U.S. employers added fewer-than-expected jobs into the economy last month, according to a private sector reading from payroll services provider ADP, suggesting an uneven recovery as pandemic concerns and supply chain disruptions hold back labor market gains.
Payroll processing group ADP said in its National Employment Report, which it compiles with Moody's Analytics, that private sector jobs grew by 330,000 last month, the lowest since the March re-opening and notably of the Street consensus forecast of a 695,000. The final reading for June was revised lower by 12,000 positions to 680,000.

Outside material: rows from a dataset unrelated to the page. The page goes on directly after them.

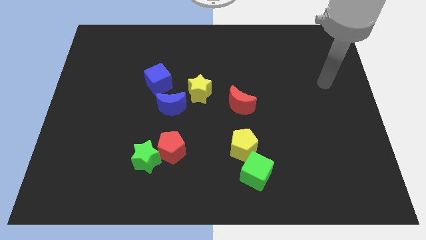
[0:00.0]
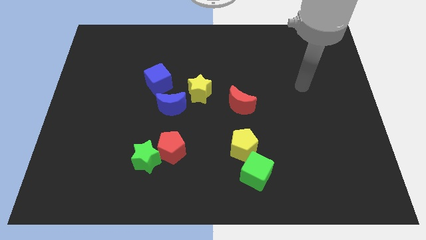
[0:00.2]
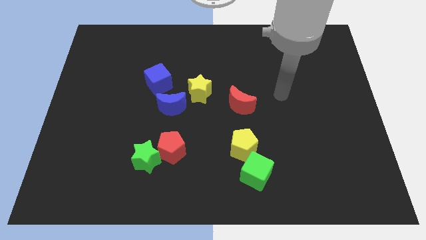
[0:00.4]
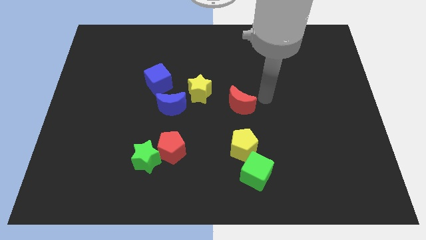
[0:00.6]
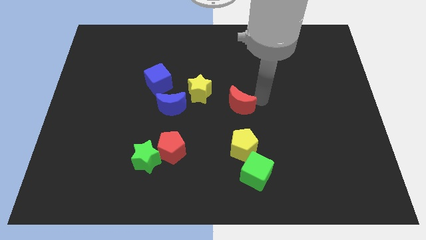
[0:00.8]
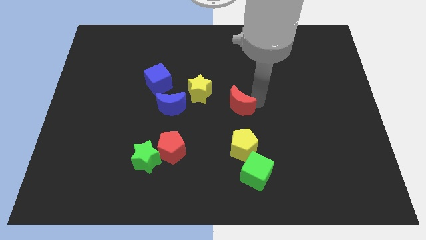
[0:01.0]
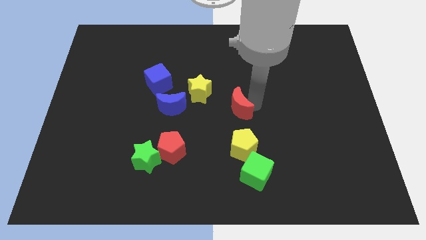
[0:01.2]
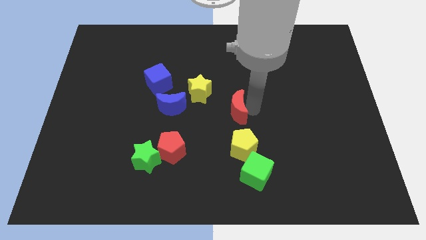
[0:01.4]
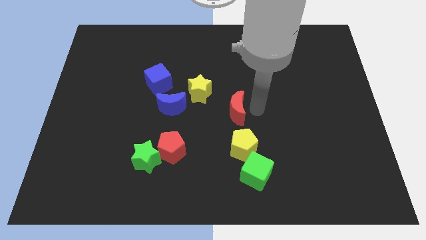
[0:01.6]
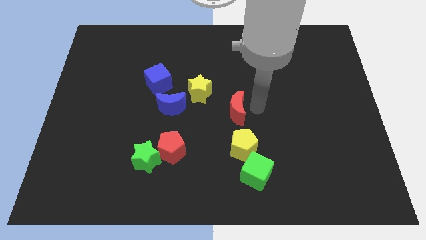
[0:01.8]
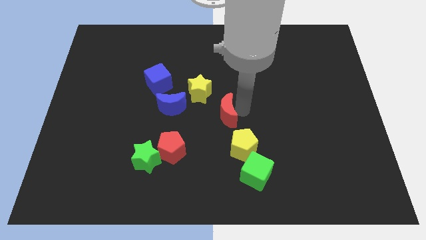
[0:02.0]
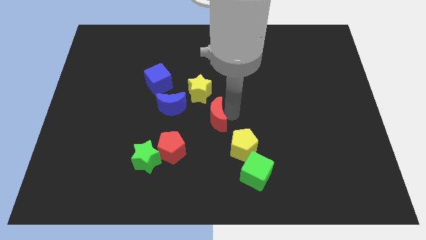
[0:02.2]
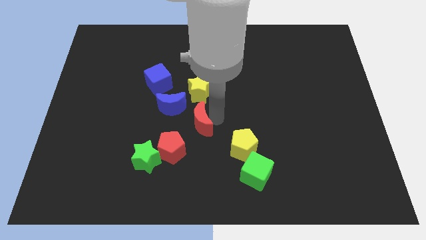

“The labor market recovery continues to exhibit uneven progress, but progress nonetheless. July payroll data reports a marked slowdown from the second quarter pace in jobs growth,” said ADP's chief economist Nela Richardson. “For the fifth straight month the leisure and hospitality sector is the fastest growing industry, though gains have softened. The slowdown in the recovery has also impacted companies of all sizes."
"Bottlenecks in hiring continue to hold back stronger gains, particularly in light of new COVID-19 concerns tied to viral variants," she added. "These barriers should ebb in coming months, with stronger monthly gains ahead as a result."
The Bureau of Labor Statistics will publish its official July nonfarm payroll report Friday, with economists looking for a headline total that represents around 880,000 new jobs, following on from June's better-than-expected 850,000 tally.
U.S. equity futures were modestly lower following the data release, with contracts tied to the Dow Jones Industrial Average indicating an opening bell decline of 120 points and those linked to the S&P 500 priced for an 11 point dip from last night's record close.
Benchmark 10-year Treasury bond yields, meanwhile, ticked lower, to 1.141%, while the dollar index slipped 0.1% against a basket of its global peers to trade at 92.021.